Этот звук всегда был мил его сердцу.
Горючка стала растекаться по поверхности экипажа.
Смок проследил, как ее ручейки, высветленные скупыми лучами солнца, текут по направлению к мертвому вознице, переливаются через его тело, добираются до лица и заливают нос. Смок переместился чуть выше и принялся лить горючку из правой голени на сломанное заднее левое колесо экипажа.
– Помогите! Я здесь! Помогите!
Окровавленная ладонь билась и билась в стекло.
Горючка параллельными ручейками стекала по ободу колеса и капала на землю.
– Что это? – закричала женщина. – Это что, горючее? Я чувствую запах…
Смок отпустил петли, прятавшиеся в его карманах, и услышал щелчки – клапаны закрылись. Передвигаясь с предельной осторожностью, он добрался до края корпуса экипажа, прикинул расстояние до земли.
– Помогите! Я здесь, внутри! Вы что, меня не слышите?
Смок закрыл глаза, задержал дыхание и сверзился вниз.
Когда он приземлился, кончики его культей взорвались болью, попутно послав ее в позвоночник. Горючка Смок взвыл. Попытался сдержать крик, но не смог.

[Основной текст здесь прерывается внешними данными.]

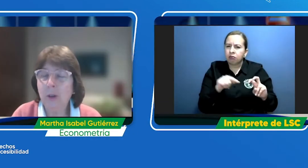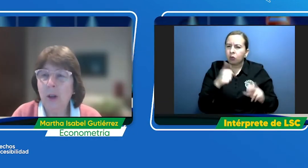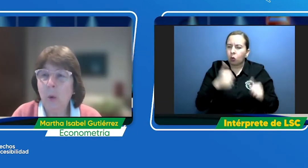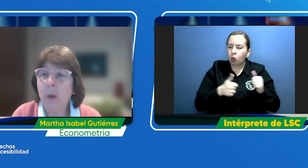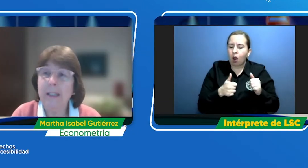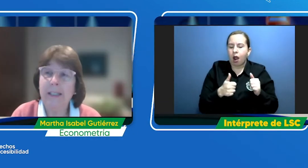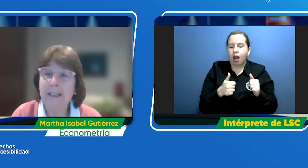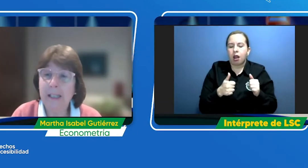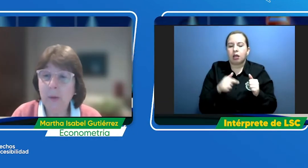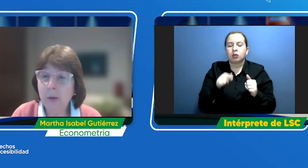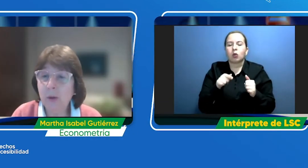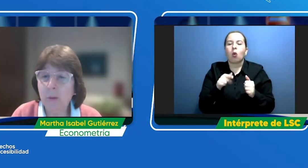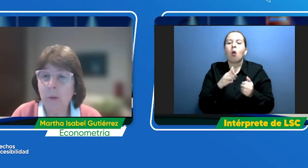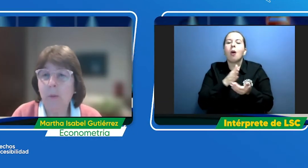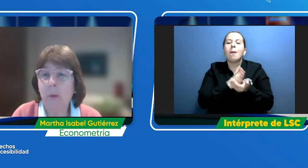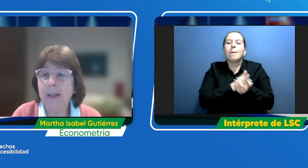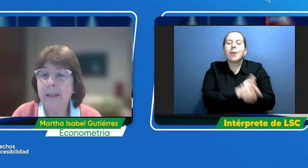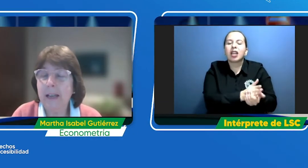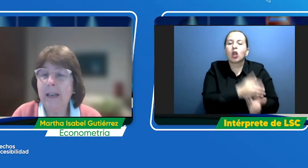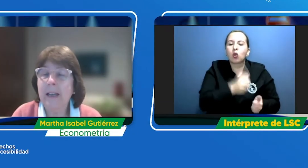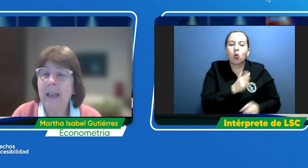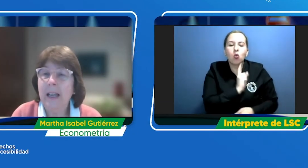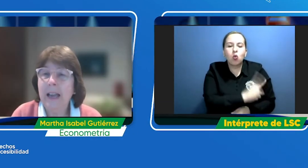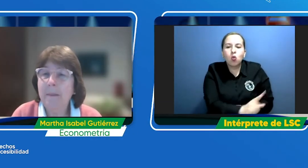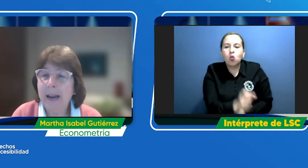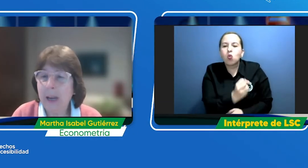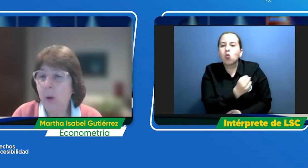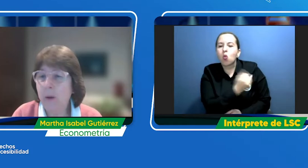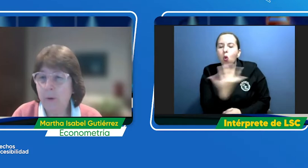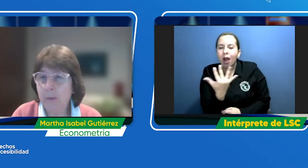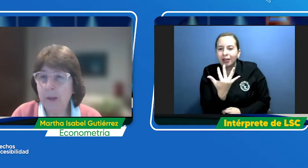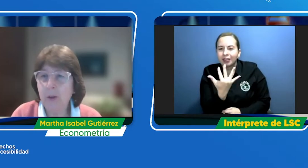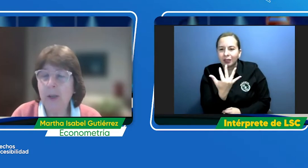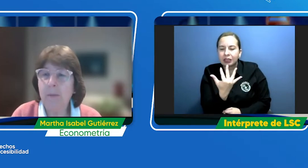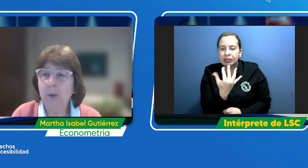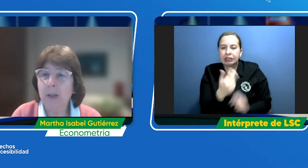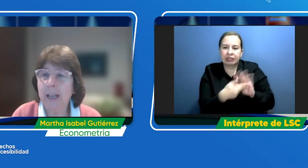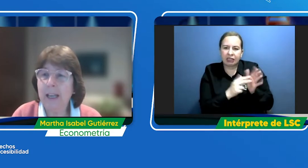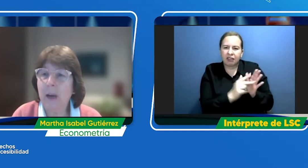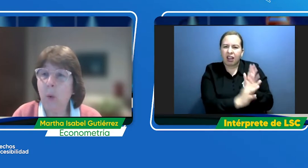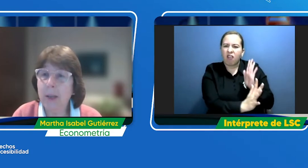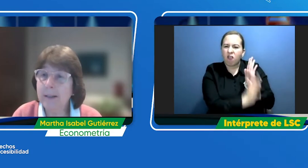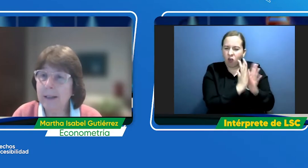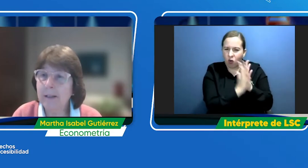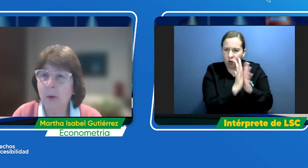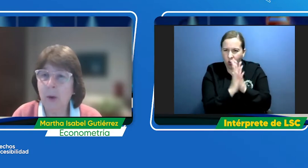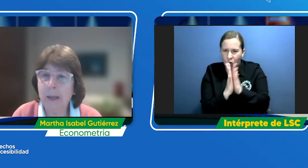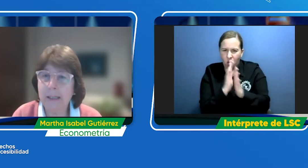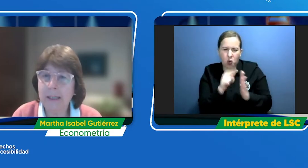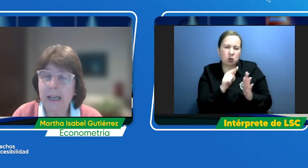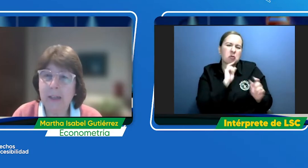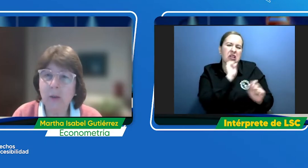cuantitativos como puede ser el manejo de información que procede de encuestas o de bases de datos

Превозмогая боль и чувствуя, как капли крови, выбитые из культей, стекают по олову протезов, заковылял на негнущихся ногах в северном направлении. Изо рта его потекли звуки новой песни.
Чирк – и вспышка.
Смок швырнул спичку через плечо.
Раздалось шипение и –
Позади столб огня взлетел к верхушкам деревьев, и Смок знал, что костер получился на славу. И он похромал на север, к тамошним безумным городам, как один запечатленным в его памяти – в деталях, словно на самой точной карте: со всеми их борделями, сапожными мастерскими и кирпичными домами, торчащими на аллеях и улицах. И он действительно словно странствовал по листу бумаги, по настоящей карте, или по карточкам, которые Эдвард Банни держал в кармане своего серого пальто, когда, выйдя на Большую дорогу, охотился за местными преступниками. И, слыша крики, треск и шипение позади, Смок представлял, что это не огонь пожирает дорогое дерево экипажа, не погибающая вопит в последних усилиях выбраться из смертельной ловушки, не кожа ее вздувается и лопается от жара, а сам он оставляет отпечатки ног на тех картах, которые в разное время видел в кабинетах разных шерифов окрестных городов.
Из того же кармана, где он держал спички, Горючка Смок извлек сложенный листок бумаги и прочел написанное на нем имя.
ДЖЕЙМС МОКСИ
Присвистнул, так что его свист слился со звуками пылавшего позади костра.
Мокси был самой значительной фигурой из всех, ради которых Смока когда-либо нанимали.
И до этого легендарного человека было рукой подать.
Горючка Смок ковылял вперед и вперед. Жечь по заказу было способом существования. А жечь ради собственного удовольствия было самой жизнью.
Кэрол в коме
Имя
Не оставалось никаких сомнений в том, что Дуайт желал и желает ее смерти. И хотя Кэрол в отчаянии пыталась убедить себя в том, что никаких знаков, подтверждающих это, она раньше не видела, что Дуайт никоим образом не давал ей понять, как он несчастлив в браке, она вынуждена была признать, что дело обстоит именно так.
Открывшееся Кэрол знание сделало еще черней ночь, сквозь которую она продолжала падать. А импульс страха, пронзивший ее, был подобен неукротимой голубой молнии. Никогда она не бывала так напугана – даже в свои восемь лет, когда ей, не понимающей ничего, пришлось впервые пережить состояние комы.
И никогда прежде она не бывала так одинока.